== Segment start ==

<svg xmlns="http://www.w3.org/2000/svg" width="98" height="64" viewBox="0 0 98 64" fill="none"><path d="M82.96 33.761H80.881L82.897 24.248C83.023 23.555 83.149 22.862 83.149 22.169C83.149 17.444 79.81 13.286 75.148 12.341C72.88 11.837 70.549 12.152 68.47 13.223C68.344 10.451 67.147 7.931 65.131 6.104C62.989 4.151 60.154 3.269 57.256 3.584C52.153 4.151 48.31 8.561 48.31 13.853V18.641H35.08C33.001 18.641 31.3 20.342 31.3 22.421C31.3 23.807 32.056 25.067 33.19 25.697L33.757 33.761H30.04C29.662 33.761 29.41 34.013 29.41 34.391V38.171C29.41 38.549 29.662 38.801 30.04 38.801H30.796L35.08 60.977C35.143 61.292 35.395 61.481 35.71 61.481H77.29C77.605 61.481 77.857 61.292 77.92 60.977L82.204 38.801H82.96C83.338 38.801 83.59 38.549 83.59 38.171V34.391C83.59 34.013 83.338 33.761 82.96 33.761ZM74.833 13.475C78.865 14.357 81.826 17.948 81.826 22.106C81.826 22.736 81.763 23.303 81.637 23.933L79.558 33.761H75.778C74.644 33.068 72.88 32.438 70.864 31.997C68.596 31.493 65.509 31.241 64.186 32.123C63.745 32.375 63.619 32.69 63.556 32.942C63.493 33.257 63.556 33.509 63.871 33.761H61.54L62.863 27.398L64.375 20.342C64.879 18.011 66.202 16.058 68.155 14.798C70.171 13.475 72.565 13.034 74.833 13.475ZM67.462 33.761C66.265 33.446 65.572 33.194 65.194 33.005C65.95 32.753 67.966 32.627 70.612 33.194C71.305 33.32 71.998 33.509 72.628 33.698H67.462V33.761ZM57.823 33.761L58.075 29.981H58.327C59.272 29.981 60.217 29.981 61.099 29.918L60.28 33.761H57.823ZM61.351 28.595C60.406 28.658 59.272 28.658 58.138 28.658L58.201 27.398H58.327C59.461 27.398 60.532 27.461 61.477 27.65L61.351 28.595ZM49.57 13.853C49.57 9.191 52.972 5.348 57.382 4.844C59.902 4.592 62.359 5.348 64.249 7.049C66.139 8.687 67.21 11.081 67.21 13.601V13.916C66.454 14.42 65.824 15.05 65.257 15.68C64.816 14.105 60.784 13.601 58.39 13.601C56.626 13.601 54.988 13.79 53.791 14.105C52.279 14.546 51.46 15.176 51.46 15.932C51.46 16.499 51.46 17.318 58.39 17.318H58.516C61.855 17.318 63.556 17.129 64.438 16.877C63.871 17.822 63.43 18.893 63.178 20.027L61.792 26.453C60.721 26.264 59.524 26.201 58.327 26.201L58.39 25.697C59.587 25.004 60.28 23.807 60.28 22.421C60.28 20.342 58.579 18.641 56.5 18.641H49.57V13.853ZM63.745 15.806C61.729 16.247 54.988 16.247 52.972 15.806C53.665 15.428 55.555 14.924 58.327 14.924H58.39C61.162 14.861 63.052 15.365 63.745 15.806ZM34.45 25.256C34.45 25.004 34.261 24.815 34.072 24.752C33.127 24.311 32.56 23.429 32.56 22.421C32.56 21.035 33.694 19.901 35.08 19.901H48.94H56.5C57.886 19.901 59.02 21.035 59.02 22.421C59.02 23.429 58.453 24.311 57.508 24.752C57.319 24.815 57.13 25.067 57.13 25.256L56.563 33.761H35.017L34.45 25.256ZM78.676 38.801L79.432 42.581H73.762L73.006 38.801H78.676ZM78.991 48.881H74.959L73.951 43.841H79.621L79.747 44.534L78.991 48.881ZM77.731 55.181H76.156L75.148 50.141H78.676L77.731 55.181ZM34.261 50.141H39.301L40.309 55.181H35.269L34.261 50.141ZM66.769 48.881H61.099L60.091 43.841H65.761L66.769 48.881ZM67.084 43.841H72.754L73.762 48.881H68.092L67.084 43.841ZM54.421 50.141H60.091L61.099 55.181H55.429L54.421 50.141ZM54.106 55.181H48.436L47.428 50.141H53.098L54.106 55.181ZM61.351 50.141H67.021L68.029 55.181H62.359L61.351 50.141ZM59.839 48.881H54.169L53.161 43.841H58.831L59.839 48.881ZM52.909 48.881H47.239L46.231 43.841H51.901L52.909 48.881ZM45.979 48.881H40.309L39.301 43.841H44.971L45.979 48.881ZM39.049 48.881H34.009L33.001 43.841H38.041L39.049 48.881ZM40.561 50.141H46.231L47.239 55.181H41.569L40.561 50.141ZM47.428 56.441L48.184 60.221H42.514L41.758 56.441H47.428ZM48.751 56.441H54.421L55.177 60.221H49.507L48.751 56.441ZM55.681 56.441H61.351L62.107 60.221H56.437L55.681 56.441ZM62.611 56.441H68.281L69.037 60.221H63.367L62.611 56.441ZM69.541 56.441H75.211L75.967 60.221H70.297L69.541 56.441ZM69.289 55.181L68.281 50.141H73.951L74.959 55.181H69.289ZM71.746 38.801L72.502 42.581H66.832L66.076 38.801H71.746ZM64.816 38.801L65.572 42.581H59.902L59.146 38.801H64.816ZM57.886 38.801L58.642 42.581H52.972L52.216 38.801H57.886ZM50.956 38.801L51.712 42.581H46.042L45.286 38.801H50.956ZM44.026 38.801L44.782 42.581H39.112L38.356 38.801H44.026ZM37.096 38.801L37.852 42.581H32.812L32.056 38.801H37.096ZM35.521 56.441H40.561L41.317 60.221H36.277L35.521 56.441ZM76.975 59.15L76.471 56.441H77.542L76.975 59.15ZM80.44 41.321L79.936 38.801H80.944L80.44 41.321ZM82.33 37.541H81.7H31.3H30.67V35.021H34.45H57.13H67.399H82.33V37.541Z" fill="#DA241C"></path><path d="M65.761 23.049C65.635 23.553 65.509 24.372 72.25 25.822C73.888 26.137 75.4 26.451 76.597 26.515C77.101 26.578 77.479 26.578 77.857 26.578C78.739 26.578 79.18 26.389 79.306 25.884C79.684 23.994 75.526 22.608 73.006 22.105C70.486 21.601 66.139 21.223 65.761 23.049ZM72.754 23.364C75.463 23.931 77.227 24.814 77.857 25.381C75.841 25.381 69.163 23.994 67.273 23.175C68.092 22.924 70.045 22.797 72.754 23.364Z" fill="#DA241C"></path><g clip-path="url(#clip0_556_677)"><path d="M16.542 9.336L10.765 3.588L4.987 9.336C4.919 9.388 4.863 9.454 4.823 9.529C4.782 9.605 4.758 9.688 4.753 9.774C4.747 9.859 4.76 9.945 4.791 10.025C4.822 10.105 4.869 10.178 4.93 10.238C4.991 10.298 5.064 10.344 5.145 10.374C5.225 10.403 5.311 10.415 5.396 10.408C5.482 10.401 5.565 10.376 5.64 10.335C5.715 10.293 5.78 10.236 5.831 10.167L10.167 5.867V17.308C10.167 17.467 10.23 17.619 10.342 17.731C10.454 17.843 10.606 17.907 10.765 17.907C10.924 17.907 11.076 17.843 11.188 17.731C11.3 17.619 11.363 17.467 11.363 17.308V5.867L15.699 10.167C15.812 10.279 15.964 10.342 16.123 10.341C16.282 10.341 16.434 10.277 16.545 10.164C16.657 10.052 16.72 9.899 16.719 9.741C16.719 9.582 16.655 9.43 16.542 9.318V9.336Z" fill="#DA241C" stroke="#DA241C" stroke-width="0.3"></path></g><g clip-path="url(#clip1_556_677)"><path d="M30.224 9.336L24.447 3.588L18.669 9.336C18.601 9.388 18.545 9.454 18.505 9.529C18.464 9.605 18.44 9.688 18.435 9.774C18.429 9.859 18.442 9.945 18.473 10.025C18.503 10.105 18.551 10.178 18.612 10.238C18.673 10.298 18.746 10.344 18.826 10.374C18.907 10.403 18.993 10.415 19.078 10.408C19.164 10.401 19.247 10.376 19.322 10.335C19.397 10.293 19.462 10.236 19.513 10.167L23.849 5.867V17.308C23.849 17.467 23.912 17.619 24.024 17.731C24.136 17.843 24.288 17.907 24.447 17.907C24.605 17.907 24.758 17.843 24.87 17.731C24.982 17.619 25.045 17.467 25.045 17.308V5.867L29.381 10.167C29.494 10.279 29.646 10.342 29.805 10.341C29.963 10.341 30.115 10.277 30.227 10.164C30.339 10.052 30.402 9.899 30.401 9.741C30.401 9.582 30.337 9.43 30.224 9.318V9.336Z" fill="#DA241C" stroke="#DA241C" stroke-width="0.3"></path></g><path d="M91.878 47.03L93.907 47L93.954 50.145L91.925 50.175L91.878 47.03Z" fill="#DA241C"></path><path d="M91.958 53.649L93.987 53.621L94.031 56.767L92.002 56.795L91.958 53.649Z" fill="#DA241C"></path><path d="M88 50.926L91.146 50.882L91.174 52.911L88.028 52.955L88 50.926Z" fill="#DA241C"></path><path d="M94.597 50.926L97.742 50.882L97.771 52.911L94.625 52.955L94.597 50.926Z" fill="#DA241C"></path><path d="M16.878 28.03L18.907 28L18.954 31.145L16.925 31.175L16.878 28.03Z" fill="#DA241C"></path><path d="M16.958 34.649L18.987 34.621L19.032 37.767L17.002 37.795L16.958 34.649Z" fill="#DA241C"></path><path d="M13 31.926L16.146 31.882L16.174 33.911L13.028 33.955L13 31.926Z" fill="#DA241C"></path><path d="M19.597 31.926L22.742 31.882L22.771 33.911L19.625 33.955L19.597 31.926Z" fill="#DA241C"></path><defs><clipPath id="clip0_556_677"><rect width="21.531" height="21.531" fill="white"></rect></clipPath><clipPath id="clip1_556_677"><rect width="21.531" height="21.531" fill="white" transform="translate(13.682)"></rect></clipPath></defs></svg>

== Segment end ==
== Segment start ==

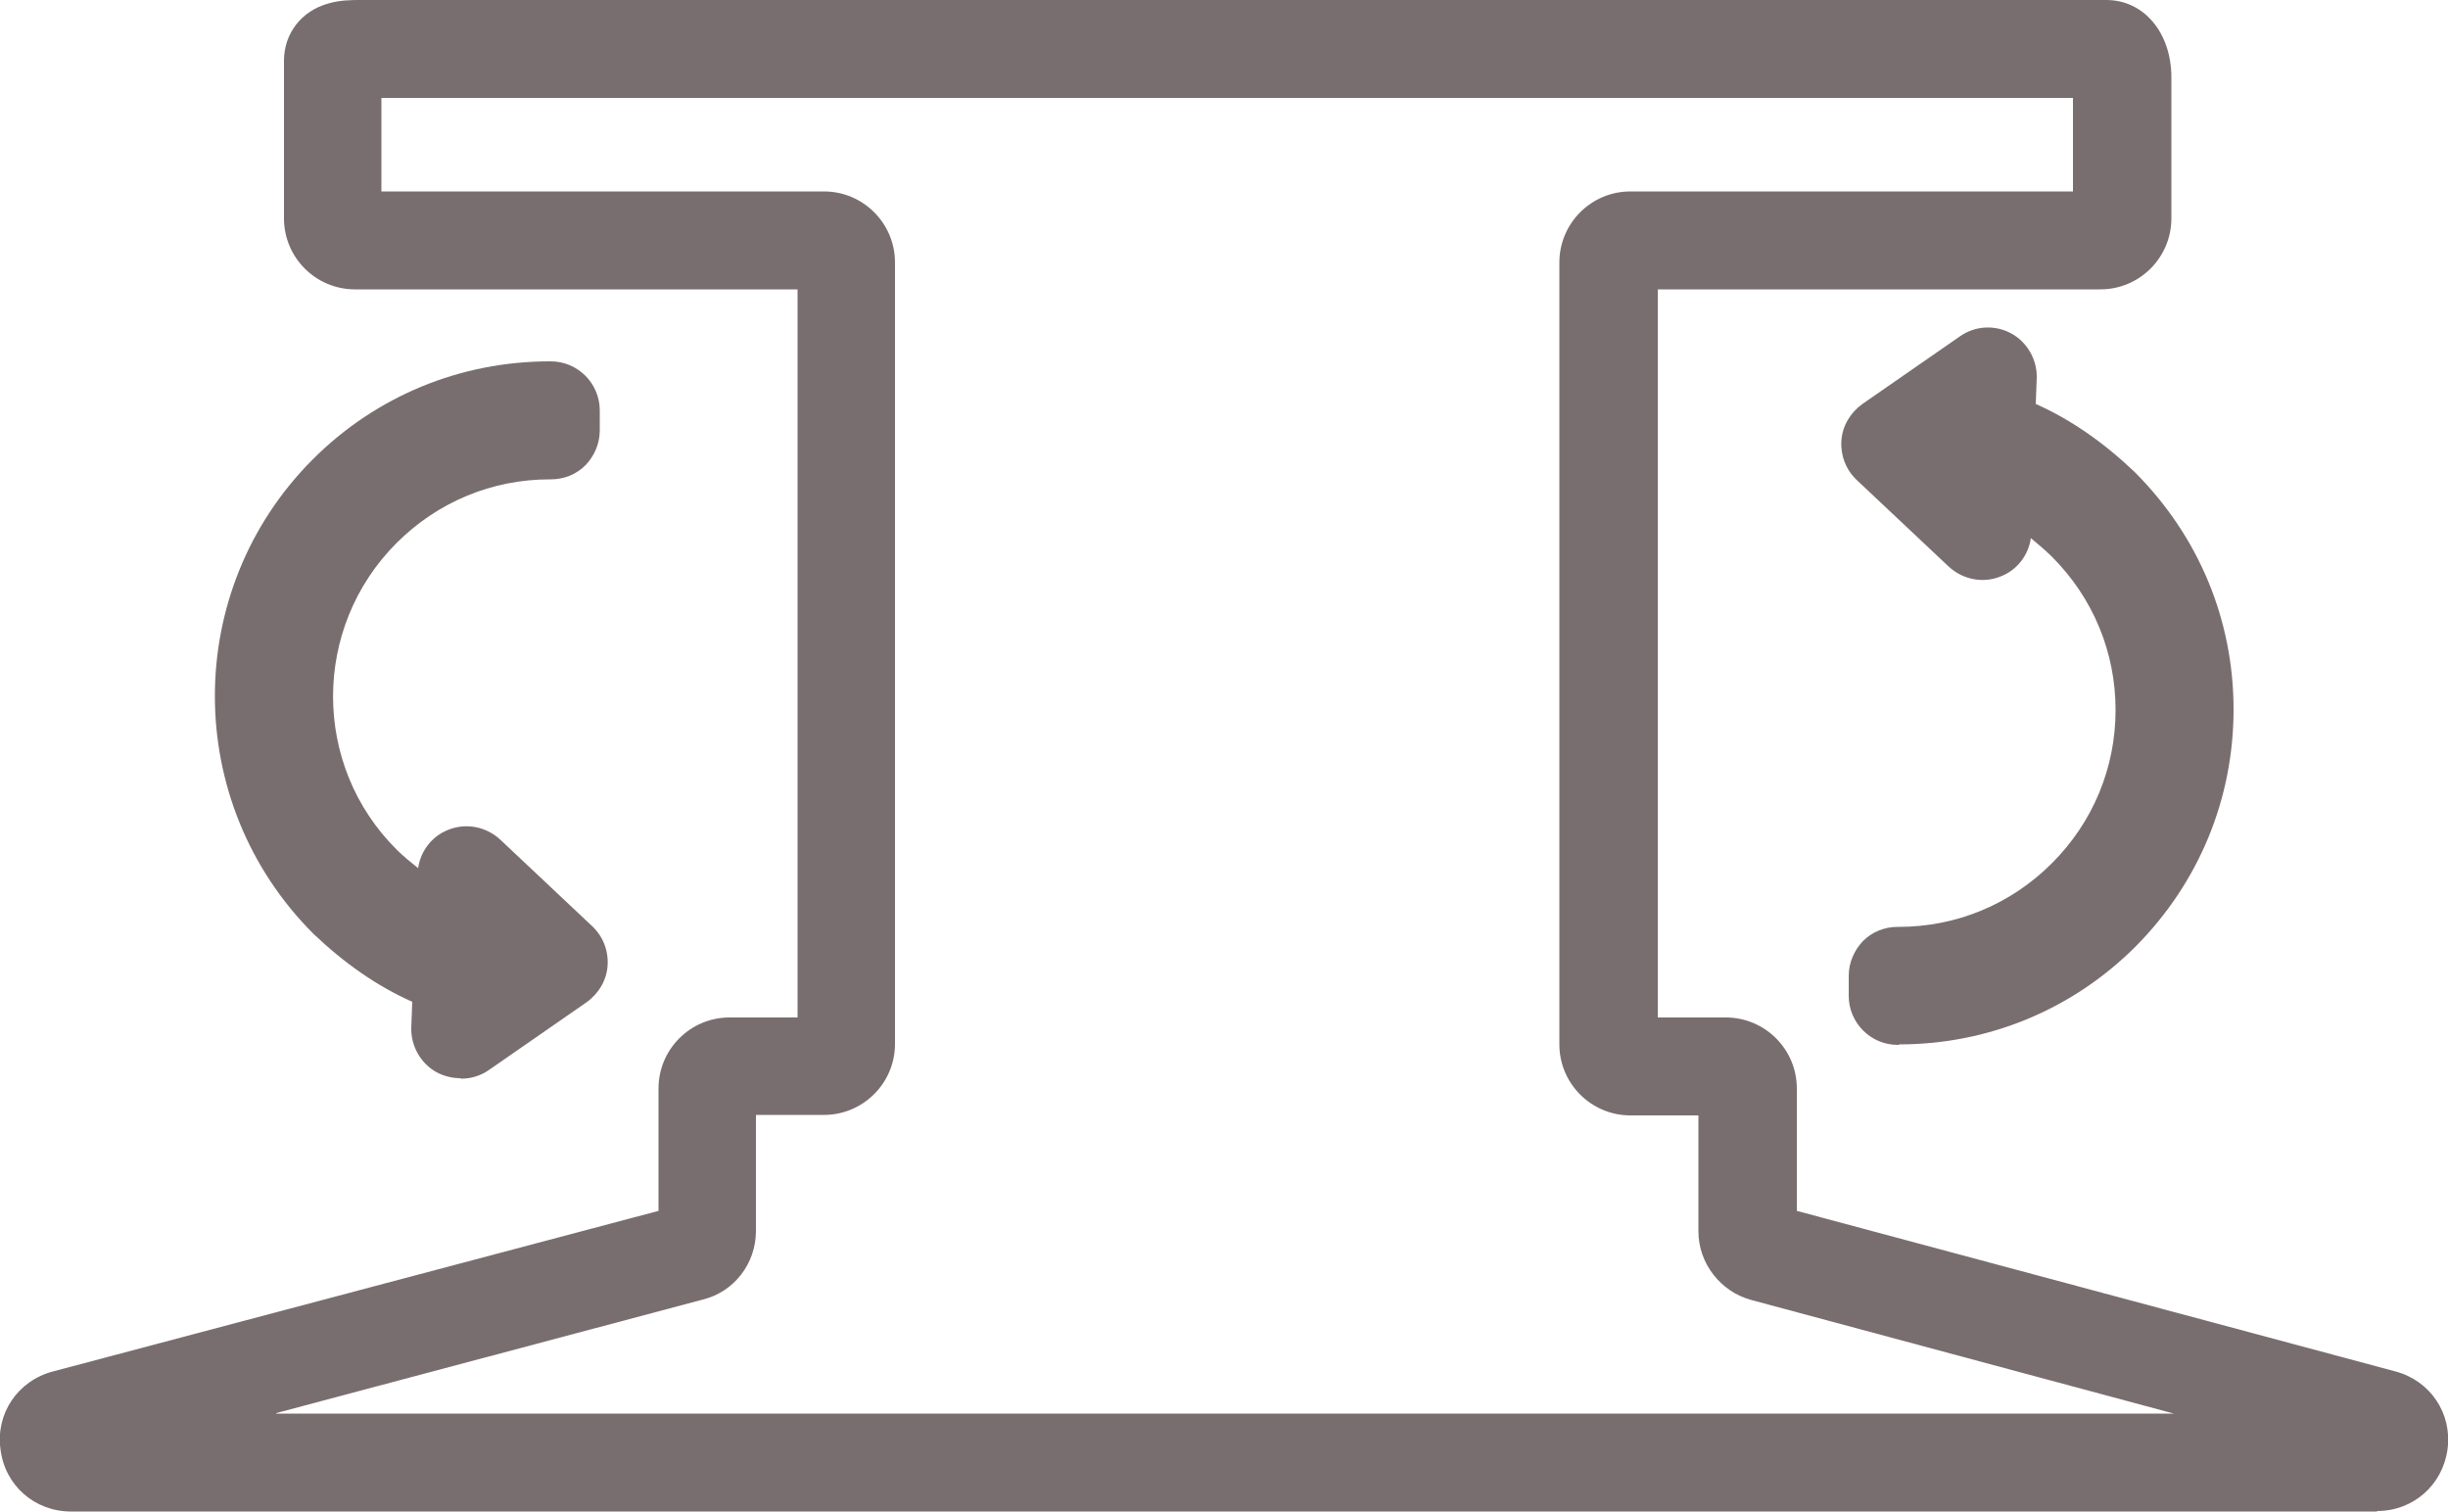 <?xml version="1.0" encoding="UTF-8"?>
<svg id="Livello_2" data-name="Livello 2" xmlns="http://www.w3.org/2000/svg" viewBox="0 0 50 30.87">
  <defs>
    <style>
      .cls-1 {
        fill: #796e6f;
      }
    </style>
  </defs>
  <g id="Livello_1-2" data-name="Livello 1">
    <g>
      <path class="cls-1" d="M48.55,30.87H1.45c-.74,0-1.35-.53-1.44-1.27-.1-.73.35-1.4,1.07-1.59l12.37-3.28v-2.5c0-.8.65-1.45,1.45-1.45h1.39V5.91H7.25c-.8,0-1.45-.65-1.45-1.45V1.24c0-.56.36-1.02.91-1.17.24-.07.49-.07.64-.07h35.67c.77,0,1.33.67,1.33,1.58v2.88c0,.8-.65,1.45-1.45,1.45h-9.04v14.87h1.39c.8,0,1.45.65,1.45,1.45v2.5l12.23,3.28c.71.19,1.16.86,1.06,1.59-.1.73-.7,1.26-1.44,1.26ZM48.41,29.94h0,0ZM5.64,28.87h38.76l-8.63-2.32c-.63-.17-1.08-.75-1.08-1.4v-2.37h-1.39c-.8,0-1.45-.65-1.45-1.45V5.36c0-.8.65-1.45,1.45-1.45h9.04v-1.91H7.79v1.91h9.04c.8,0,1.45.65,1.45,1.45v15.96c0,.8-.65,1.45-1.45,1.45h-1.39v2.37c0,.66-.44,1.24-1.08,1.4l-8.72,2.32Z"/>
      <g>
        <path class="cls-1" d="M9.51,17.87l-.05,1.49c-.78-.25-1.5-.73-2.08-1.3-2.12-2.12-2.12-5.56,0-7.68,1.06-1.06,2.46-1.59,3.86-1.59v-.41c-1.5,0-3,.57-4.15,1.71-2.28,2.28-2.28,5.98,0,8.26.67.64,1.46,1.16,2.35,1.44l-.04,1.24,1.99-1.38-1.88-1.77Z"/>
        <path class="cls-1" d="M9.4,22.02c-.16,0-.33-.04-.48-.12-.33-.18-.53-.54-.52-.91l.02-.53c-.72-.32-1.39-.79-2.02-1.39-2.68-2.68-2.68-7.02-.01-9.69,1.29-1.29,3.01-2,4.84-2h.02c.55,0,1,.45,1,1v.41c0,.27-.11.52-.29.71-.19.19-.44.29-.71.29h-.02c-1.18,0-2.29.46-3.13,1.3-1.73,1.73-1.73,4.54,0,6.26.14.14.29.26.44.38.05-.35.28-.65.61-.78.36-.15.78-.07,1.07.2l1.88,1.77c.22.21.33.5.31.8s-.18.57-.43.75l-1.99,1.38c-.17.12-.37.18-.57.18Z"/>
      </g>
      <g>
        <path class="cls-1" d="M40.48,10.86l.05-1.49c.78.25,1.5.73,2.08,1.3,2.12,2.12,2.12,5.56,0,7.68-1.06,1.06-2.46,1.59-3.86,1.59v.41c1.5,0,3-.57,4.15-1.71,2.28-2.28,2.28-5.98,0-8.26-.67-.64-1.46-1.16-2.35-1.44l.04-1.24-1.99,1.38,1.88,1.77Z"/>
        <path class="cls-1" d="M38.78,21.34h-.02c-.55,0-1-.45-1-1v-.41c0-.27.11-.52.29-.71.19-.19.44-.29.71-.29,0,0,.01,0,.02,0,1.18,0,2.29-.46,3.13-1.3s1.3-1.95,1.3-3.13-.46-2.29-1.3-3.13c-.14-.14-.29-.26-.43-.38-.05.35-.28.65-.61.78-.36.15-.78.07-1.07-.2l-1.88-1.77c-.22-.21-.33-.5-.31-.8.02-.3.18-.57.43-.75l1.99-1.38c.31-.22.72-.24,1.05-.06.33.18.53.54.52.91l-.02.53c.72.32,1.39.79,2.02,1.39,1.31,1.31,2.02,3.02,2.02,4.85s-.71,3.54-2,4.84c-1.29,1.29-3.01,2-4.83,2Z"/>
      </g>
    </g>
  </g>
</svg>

== Segment end ==

What you need to do - Copy whichever lines in the listing above hold "name".

Task answer -
<svg id="Livello_2" data-name="Livello 2" xmlns="http://www.w3.org/2000/svg" viewBox="0 0 50 30.87">
  <g id="Livello_1-2" data-name="Livello 1">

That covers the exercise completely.